Given:
Two angles are Complementary.
One angle measures (2x-16) degrees.
The other measures (x +1) degrees.
To find:
The value of the larger angle.
Solution:
Let,
[tex]\angle 1=(2x-16)^\circ[/tex]
[tex]\angle 2=(x+1)^\circ[/tex]
We know that, sum of two complementary angles is 90 degrees. Since, given angles are complementary angles, therefore
[tex]\angle 1+\angle 2=90^\circ[/tex]
[tex](2x-16)^\circ+(x+1)^\circ=90^\circ[/tex]
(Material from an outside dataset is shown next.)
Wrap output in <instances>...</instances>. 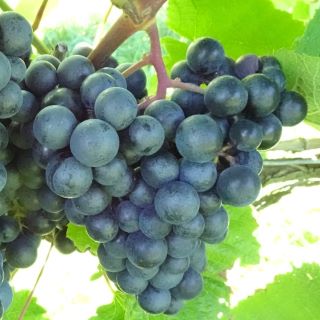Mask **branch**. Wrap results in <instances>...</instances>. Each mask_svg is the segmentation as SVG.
Here are the masks:
<instances>
[{"label":"branch","instance_id":"30e6481e","mask_svg":"<svg viewBox=\"0 0 320 320\" xmlns=\"http://www.w3.org/2000/svg\"><path fill=\"white\" fill-rule=\"evenodd\" d=\"M123 13L112 28L88 54L95 71L104 67L112 52L132 34L145 27L157 14L166 0H111Z\"/></svg>","mask_w":320,"mask_h":320}]
</instances>

[tex](3x-15)^\circ=90^\circ[/tex]
Now,
[tex]3x-15=90[/tex]
[tex]3x=90+15[/tex]
[tex]3x=105[/tex]
Divide both sides by 3.
[tex]x=35[/tex]
The value of x is 35.
[tex]\angle 1=(2(35)-16)^\circ[/tex]
[tex]\angle 1=(70-16)^\circ[/tex]
[tex]\angle 1=(54)^\circ[/tex]
And,
[tex]\angle 2=(35+1)^\circ[/tex]
[tex]\angle 2=(36)^\circ[/tex]
Therefore, the value of the larger angle is 54 degrees.